**WHAT THE TASK ASKS:** Every line from the one that contains "10.1 | 3.5 |" to the end of the records must be restated word for word. No other line belongs in the answer.

(RECORDS SUPPLIED begins)

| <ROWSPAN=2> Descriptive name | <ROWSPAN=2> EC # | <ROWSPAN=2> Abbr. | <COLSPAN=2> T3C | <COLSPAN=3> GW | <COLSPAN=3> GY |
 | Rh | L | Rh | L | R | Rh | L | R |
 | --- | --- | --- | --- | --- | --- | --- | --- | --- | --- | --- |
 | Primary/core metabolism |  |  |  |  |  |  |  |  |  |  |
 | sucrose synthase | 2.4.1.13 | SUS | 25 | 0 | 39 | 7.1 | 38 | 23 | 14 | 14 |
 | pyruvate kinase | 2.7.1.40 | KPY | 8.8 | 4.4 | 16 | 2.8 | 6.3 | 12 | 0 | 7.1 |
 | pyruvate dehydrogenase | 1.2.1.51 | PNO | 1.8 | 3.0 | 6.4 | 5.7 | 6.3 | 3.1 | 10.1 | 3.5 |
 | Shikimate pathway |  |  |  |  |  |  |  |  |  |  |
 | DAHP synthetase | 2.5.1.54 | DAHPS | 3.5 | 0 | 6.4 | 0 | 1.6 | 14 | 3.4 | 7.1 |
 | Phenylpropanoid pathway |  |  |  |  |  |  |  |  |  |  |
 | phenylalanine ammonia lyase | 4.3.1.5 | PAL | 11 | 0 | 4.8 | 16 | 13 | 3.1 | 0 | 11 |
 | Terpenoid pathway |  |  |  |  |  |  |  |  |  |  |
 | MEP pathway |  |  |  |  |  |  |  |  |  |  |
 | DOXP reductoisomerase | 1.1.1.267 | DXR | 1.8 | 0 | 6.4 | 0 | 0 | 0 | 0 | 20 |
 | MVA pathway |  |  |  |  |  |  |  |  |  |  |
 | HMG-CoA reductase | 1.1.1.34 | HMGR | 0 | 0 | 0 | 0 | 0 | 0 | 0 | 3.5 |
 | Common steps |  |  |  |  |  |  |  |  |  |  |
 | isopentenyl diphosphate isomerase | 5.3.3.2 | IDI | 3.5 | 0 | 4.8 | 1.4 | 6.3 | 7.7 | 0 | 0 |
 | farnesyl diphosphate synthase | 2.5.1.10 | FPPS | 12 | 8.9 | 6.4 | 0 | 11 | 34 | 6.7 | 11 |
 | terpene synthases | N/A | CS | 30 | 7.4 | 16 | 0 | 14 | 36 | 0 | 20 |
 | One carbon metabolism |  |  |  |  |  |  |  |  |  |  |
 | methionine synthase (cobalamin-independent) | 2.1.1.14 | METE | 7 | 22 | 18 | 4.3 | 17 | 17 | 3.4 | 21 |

(RECORDS SUPPLIED ends)

**TASK OUTPUT:**
 | pyruvate dehydrogenase | 1.2.1.51 | PNO | 1.8 | 3.0 | 6.4 | 5.7 | 6.3 | 3.1 | 10.1 | 3.5 |
 | Shikimate pathway |  |  |  |  |  |  |  |  |  |  |
 | DAHP synthetase | 2.5.1.54 | DAHPS | 3.5 | 0 | 6.4 | 0 | 1.6 | 14 | 3.4 | 7.1 |
 | Phenylpropanoid pathway |  |  |  |  |  |  |  |  |  |  |
 | phenylalanine ammonia lyase | 4.3.1.5 | PAL | 11 | 0 | 4.8 | 16 | 13 | 3.1 | 0 | 11 |
 | Terpenoid pathway |  |  |  |  |  |  |  |  |  |  |
 | MEP pathway |  |  |  |  |  |  |  |  |  |  |
 | DOXP reductoisomerase | 1.1.1.267 | DXR | 1.8 | 0 | 6.4 | 0 | 0 | 0 | 0 | 20 |
 | MVA pathway |  |  |  |  |  |  |  |  |  |  |
 | HMG-CoA reductase | 1.1.1.34 | HMGR | 0 | 0 | 0 | 0 | 0 | 0 | 0 | 3.5 |
 | Common steps |  |  |  |  |  |  |  |  |  |  |
 | isopentenyl diphosphate isomerase | 5.3.3.2 | IDI | 3.5 | 0 | 4.8 | 1.4 | 6.3 | 7.7 | 0 | 0 |
 | farnesyl diphosphate synthase | 2.5.1.10 | FPPS | 12 | 8.9 | 6.4 | 0 | 11 | 34 | 6.7 | 11 |
 | terpene synthases | N/A | CS | 30 | 7.4 | 16 | 0 | 14 | 36 | 0 | 20 |
 | One carbon metabolism |  |  |  |  |  |  |  |  |  |  |
 | methionine synthase (cobalamin-independent) | 2.1.1.14 | METE | 7 | 22 | 18 | 4.3 | 17 | 17 | 3.4 | 21 |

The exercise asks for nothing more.